Stored items from a collection:

════════

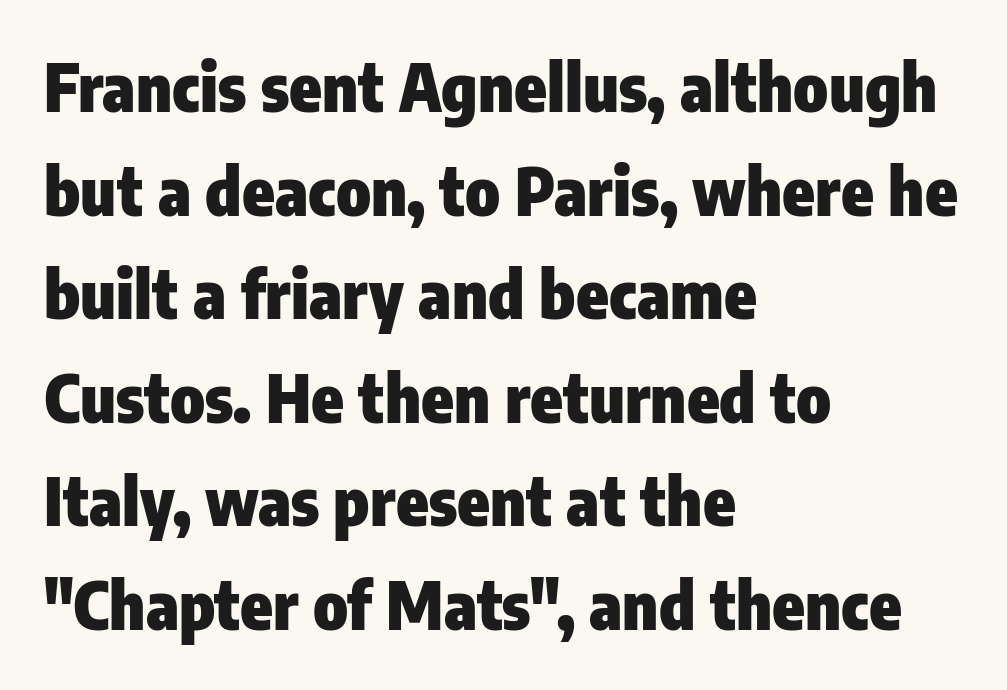
The image shows 66 px heavy, condensed sans-serif type, upright; set left-aligned, normal line spacing (1.57x), normal letter spacing, not underlined; low stroke contrast and a medium x-height.
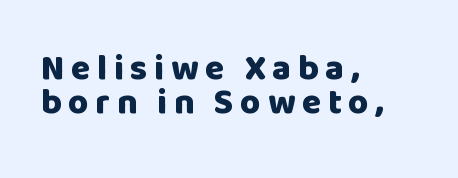
{"serif": "no", "italic": "no", "bold": "yes", "weight": "heavy", "width": "normal", "stroke_contrast": "low", "x_height": "large", "monospaced": "no", "underline": "no", "align": "left", "line_spacing": "tight", "line_spacing_ratio": 0.97, "glyph_px": 35}
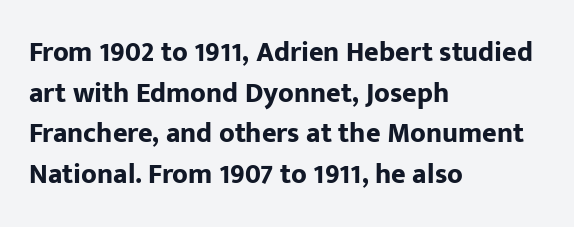
These lines are composed in type without serifs. Between one letter and the next there's only the usual sliver of space. A typesetter would call this proportional, since set widths differ per character. Regular leading. The strip under each line holds only bare page.
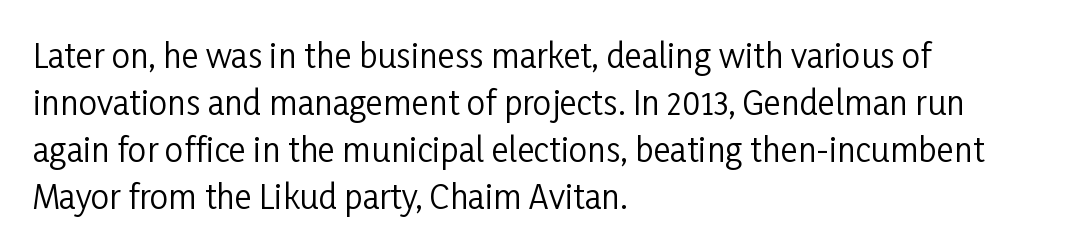
{"serif": "no", "italic": "no", "bold": "no", "weight": "regular", "width": "condensed", "stroke_contrast": "low", "x_height": "medium", "monospaced": "no", "underline": "no", "align": "left", "line_spacing": "normal", "line_spacing_ratio": 1.42, "letter_spacing": "normal", "letter_spacing_em": 0.0, "glyph_px": 33}
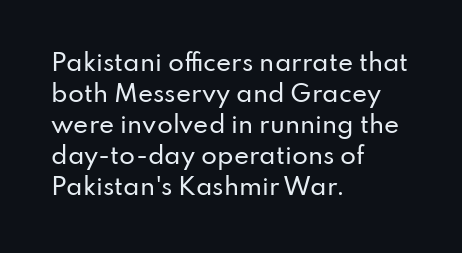
Q: Is the text italic (slanted)? A: No, it is upright.
Q: Is the text underlined? A: No.
Q: How is the paragraph aligned? A: Left-aligned.
Q: Is the spacing between letters normal or unusually wide? A: Normal.
Q: Is the spacing between lines tight, normal or loose? A: Normal.
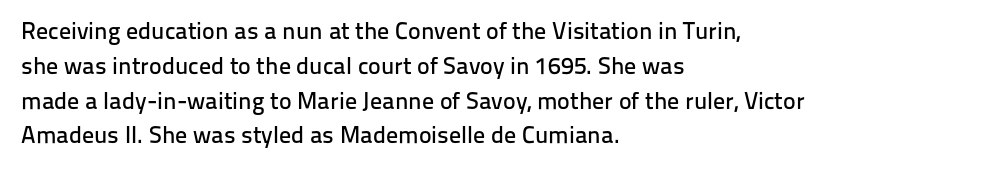
The image shows 24 px text type, upright; set left-aligned, normal line spacing (1.45x), normal letter spacing, not underlined.
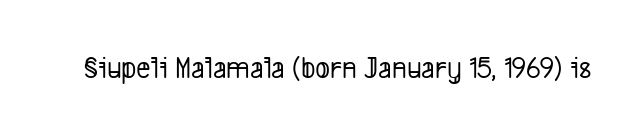
Q: Is the typeface a serif or a sans-serif typeface? A: Sans-serif.
Q: Is the text underlined? A: No.
Q: Is the spacing between letters normal or unusually wide? A: Normal.
Q: Width (condensed, normal, or wide)? A: Condensed.
Q: Stroke contrast? A: Low.
Q: x-height? A: Medium.
Q: Monospaced? A: No.
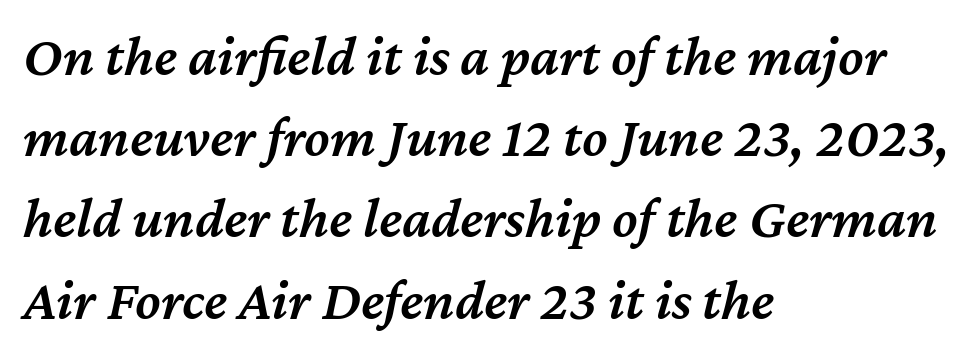
{"italic": "yes", "lean": "right", "slant_degrees": 12, "bold": "semi", "weight": "semibold", "width": "normal", "stroke_contrast": "medium", "x_height": "medium", "monospaced": "no", "underline": "no", "align": "left", "line_spacing": "normal", "line_spacing_ratio": 1.4, "letter_spacing": "normal", "letter_spacing_em": 0.0, "glyph_px": 58}
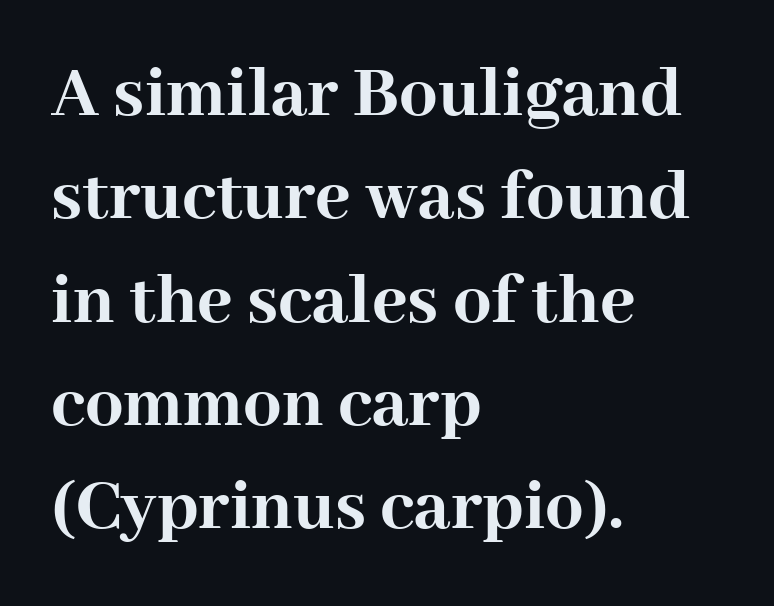
The letterforms sit shoulder to shoulder at normal distance. The font is running at its bold setting. The face used here is proportionally spaced, like ordinary book or web type. Baseline-to-baseline distance is the conventional proportion of letter height.
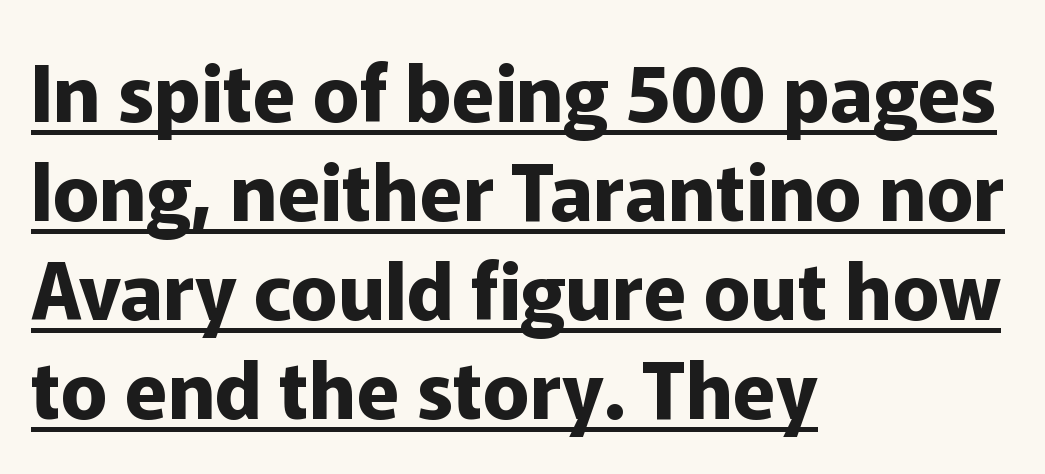
{"serif": "no", "italic": "no", "bold": "yes", "weight": "bold", "width": "normal", "stroke_contrast": "low", "x_height": "medium", "monospaced": "no", "underline": "yes", "align": "left", "line_spacing": "normal", "line_spacing_ratio": 1.27, "letter_spacing": "normal", "letter_spacing_em": 0.0, "glyph_px": 78}
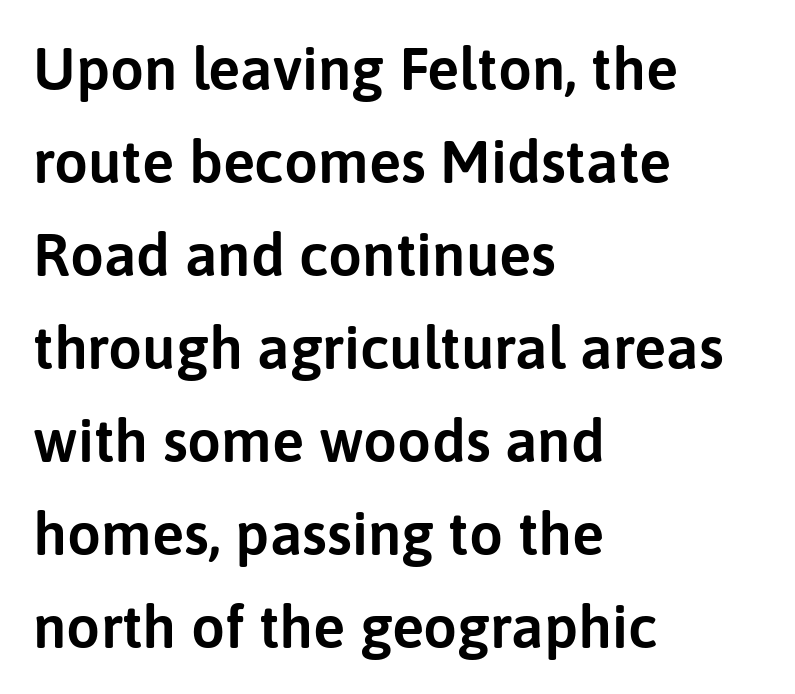
Q: Is the text italic (slanted)? A: No, it is upright.
Q: Is the typeface a serif or a sans-serif typeface? A: Sans-serif.
Q: Is the text underlined? A: No.
Q: How is the paragraph aligned? A: Left-aligned.
Q: Is the spacing between letters normal or unusually wide? A: Normal.
Q: Is the spacing between lines tight, normal or loose? A: Normal.
Q: Width (condensed, normal, or wide)? A: Normal.
Q: Stroke contrast? A: Low.
Q: x-height? A: Medium.
Q: Monospaced? A: No.
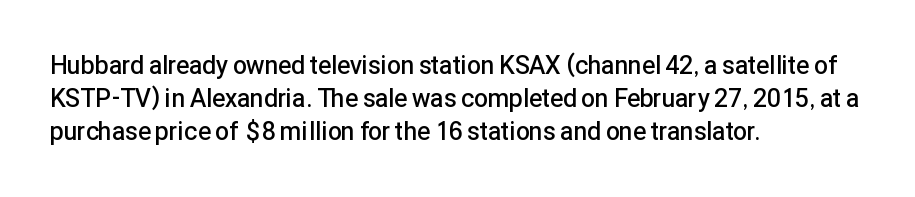
{"italic": "no", "bold": "semi", "underline": "no", "align": "left", "line_spacing": "normal", "line_spacing_ratio": 1.33, "letter_spacing": "normal", "letter_spacing_em": 0.0, "glyph_px": 25}
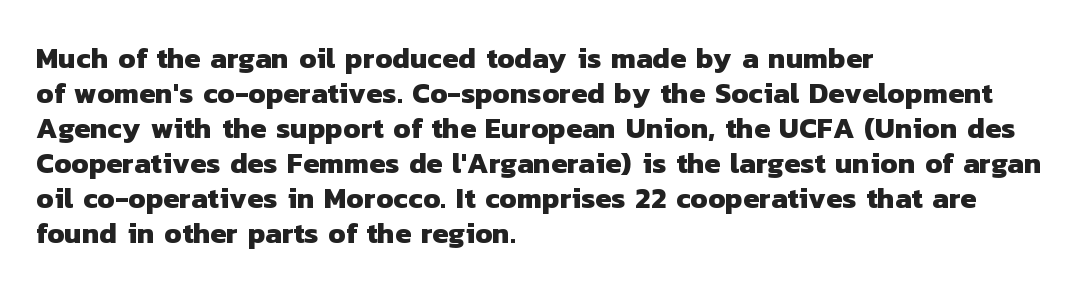
The image shows 29 px heavy sans-serif type; set left-aligned, line spacing 1.21x, normal letter spacing, not underlined; low stroke contrast and a medium x-height.
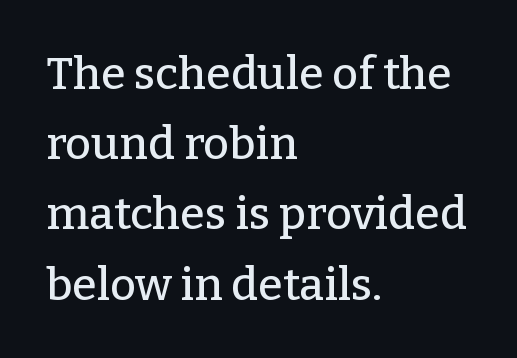
{"serif": "yes", "italic": "no", "width": "normal", "stroke_contrast": "low", "x_height": "medium", "monospaced": "no", "underline": "no", "align": "left", "line_spacing": "normal", "line_spacing_ratio": 1.56, "letter_spacing": "normal", "letter_spacing_em": 0.0, "glyph_px": 45}
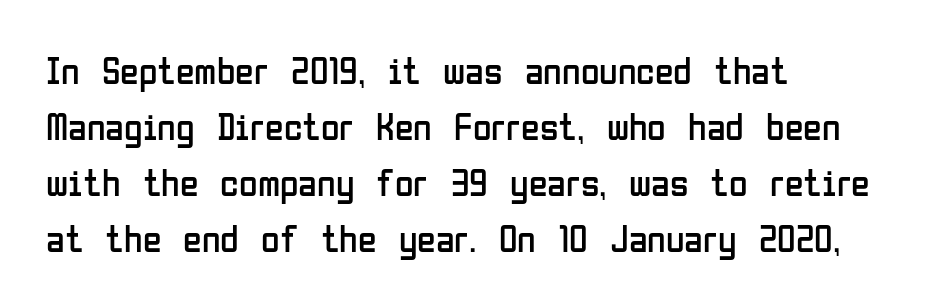
Q: Is the text bold? A: No.
Q: Is the text italic (slanted)? A: No, it is upright.
Q: Is the typeface a serif or a sans-serif typeface? A: Sans-serif.
Q: Is the text underlined? A: No.
Q: How is the paragraph aligned? A: Left-aligned.
Q: Is the spacing between letters normal or unusually wide? A: Normal.
Q: Is the spacing between lines tight, normal or loose? A: Normal.
Q: Width (condensed, normal, or wide)? A: Condensed.
Q: Stroke contrast? A: Low.
Q: x-height? A: Medium.
Q: Monospaced? A: No.
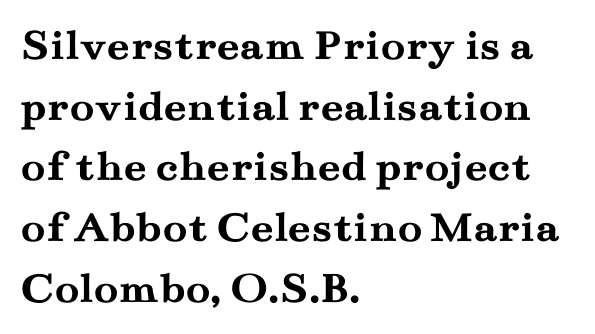
Q: Is the text bold? A: Yes.
Q: Is the text italic (slanted)? A: No, it is upright.
Q: Is the typeface a serif or a sans-serif typeface? A: Serif.
Q: Is the text underlined? A: No.
Q: How is the paragraph aligned? A: Left-aligned.
Q: Is the spacing between letters normal or unusually wide? A: Normal.
Q: Is the spacing between lines tight, normal or loose? A: Normal.
Q: Width (condensed, normal, or wide)? A: Wide.
Q: Stroke contrast? A: Medium.
Q: x-height? A: Small.
Q: Monospaced? A: No.
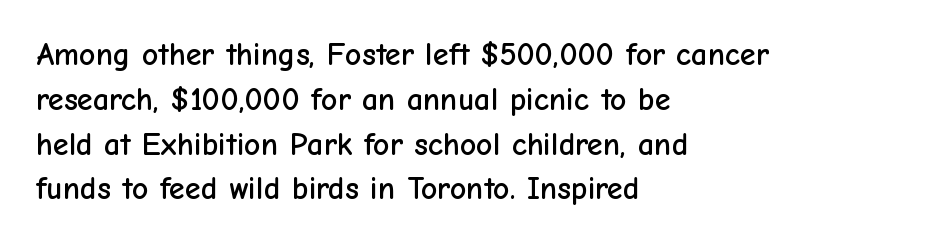
Proportional: the letters do not fall into vertical columns. Compared with typical paragraphs, the rows here are spaced about the same. The letters stand upright; this is a roman face. Notice how the passage keeps a crisp vertical edge on the left only. Inter-character spacing is left at the font's built-in metrics. The rendering shows plain stroke endings on the letterforms — a sans-serif design.
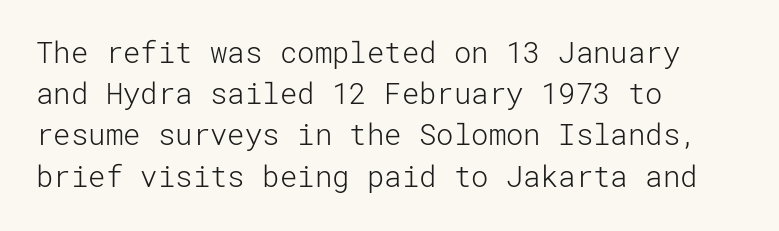
The image shows 29 px light sans-serif type, upright; set left-aligned, normal line spacing (1.42x), normal letter spacing, not underlined; low stroke contrast and a medium x-height.
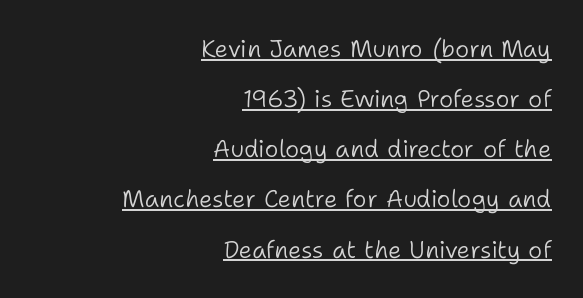
{"italic": "no", "bold": "no", "underline": "yes", "align": "right", "line_spacing": "loose", "line_spacing_ratio": 2.09, "letter_spacing": "normal", "letter_spacing_em": 0.0, "glyph_px": 24}

════════

__Work instructions__.
The entries above are to be printed again word for word, with every picture removed.

__Written answer__.
The image shows 66 px heavy, condensed sans-serif type, upright; set left-aligned, normal line spacing (1.57x), normal letter spacing, not underlined; low stroke contrast and a medium x-height.
{"serif": "no", "italic": "no", "bold": "yes", "weight": "heavy", "width": "normal", "stroke_contrast": "low", "x_height": "large", "monospaced": "no", "underline": "no", "align": "left", "line_spacing": "tight", "line_spacing_ratio": 0.97, "glyph_px": 35}
These lines are composed in type without serifs. Between one letter and the next there's only the usual sliver of space. A typesetter would call this proportional, since set widths differ per character. Regular leading. The strip under each line holds only bare page.
{"serif": "no", "italic": "no", "bold": "no", "weight": "regular", "width": "condensed", "stroke_contrast": "low", "x_height": "medium", "monospaced": "no", "underline": "no", "align": "left", "line_spacing": "normal", "line_spacing_ratio": 1.42, "letter_spacing": "normal", "letter_spacing_em": 0.0, "glyph_px": 33}
Q: Is the text italic (slanted)? A: No, it is upright.
Q: Is the text underlined? A: No.
Q: How is the paragraph aligned? A: Left-aligned.
Q: Is the spacing between letters normal or unusually wide? A: Normal.
Q: Is the spacing between lines tight, normal or loose? A: Normal.
The image shows 24 px text type, upright; set left-aligned, normal line spacing (1.45x), normal letter spacing, not underlined.
Q: Is the typeface a serif or a sans-serif typeface? A: Sans-serif.
Q: Is the text underlined? A: No.
Q: Is the spacing between letters normal or unusually wide? A: Normal.
Q: Width (condensed, normal, or wide)? A: Condensed.
Q: Stroke contrast? A: Low.
Q: x-height? A: Medium.
Q: Monospaced? A: No.
{"italic": "yes", "lean": "right", "slant_degrees": 12, "bold": "semi", "weight": "semibold", "width": "normal", "stroke_contrast": "medium", "x_height": "medium", "monospaced": "no", "underline": "no", "align": "left", "line_spacing": "normal", "line_spacing_ratio": 1.4, "letter_spacing": "normal", "letter_spacing_em": 0.0, "glyph_px": 58}
The letterforms sit shoulder to shoulder at normal distance. The font is running at its bold setting. The face used here is proportionally spaced, like ordinary book or web type. Baseline-to-baseline distance is the conventional proportion of letter height.
{"serif": "no", "italic": "no", "bold": "yes", "weight": "bold", "width": "normal", "stroke_contrast": "low", "x_height": "medium", "monospaced": "no", "underline": "yes", "align": "left", "line_spacing": "normal", "line_spacing_ratio": 1.27, "letter_spacing": "normal", "letter_spacing_em": 0.0, "glyph_px": 78}
Q: Is the text italic (slanted)? A: No, it is upright.
Q: Is the typeface a serif or a sans-serif typeface? A: Sans-serif.
Q: Is the text underlined? A: No.
Q: How is the paragraph aligned? A: Left-aligned.
Q: Is the spacing between letters normal or unusually wide? A: Normal.
Q: Is the spacing between lines tight, normal or loose? A: Normal.
Q: Width (condensed, normal, or wide)? A: Normal.
Q: Stroke contrast? A: Low.
Q: x-height? A: Medium.
Q: Monospaced? A: No.
{"italic": "no", "bold": "semi", "underline": "no", "align": "left", "line_spacing": "normal", "line_spacing_ratio": 1.33, "letter_spacing": "normal", "letter_spacing_em": 0.0, "glyph_px": 25}
The image shows 29 px heavy sans-serif type; set left-aligned, line spacing 1.21x, normal letter spacing, not underlined; low stroke contrast and a medium x-height.
{"serif": "yes", "italic": "no", "width": "normal", "stroke_contrast": "low", "x_height": "medium", "monospaced": "no", "underline": "no", "align": "left", "line_spacing": "normal", "line_spacing_ratio": 1.56, "letter_spacing": "normal", "letter_spacing_em": 0.0, "glyph_px": 45}
Q: Is the text bold? A: No.
Q: Is the text italic (slanted)? A: No, it is upright.
Q: Is the typeface a serif or a sans-serif typeface? A: Sans-serif.
Q: Is the text underlined? A: No.
Q: How is the paragraph aligned? A: Left-aligned.
Q: Is the spacing between letters normal or unusually wide? A: Normal.
Q: Is the spacing between lines tight, normal or loose? A: Normal.
Q: Width (condensed, normal, or wide)? A: Condensed.
Q: Stroke contrast? A: Low.
Q: x-height? A: Medium.
Q: Monospaced? A: No.
Q: Is the text bold? A: Yes.
Q: Is the text italic (slanted)? A: No, it is upright.
Q: Is the typeface a serif or a sans-serif typeface? A: Serif.
Q: Is the text underlined? A: No.
Q: How is the paragraph aligned? A: Left-aligned.
Q: Is the spacing between letters normal or unusually wide? A: Normal.
Q: Is the spacing between lines tight, normal or loose? A: Normal.
Q: Width (condensed, normal, or wide)? A: Wide.
Q: Stroke contrast? A: Medium.
Q: x-height? A: Small.
Q: Monospaced? A: No.
Proportional: the letters do not fall into vertical columns. Compared with typical paragraphs, the rows here are spaced about the same. The letters stand upright; this is a roman face. Notice how the passage keeps a crisp vertical edge on the left only. Inter-character spacing is left at the font's built-in metrics. The rendering shows plain stroke endings on the letterforms — a sans-serif design.
The image shows 29 px light sans-serif type, upright; set left-aligned, normal line spacing (1.42x), normal letter spacing, not underlined; low stroke contrast and a medium x-height.
{"italic": "no", "bold": "no", "underline": "yes", "align": "right", "line_spacing": "loose", "line_spacing_ratio": 2.09, "letter_spacing": "normal", "letter_spacing_em": 0.0, "glyph_px": 24}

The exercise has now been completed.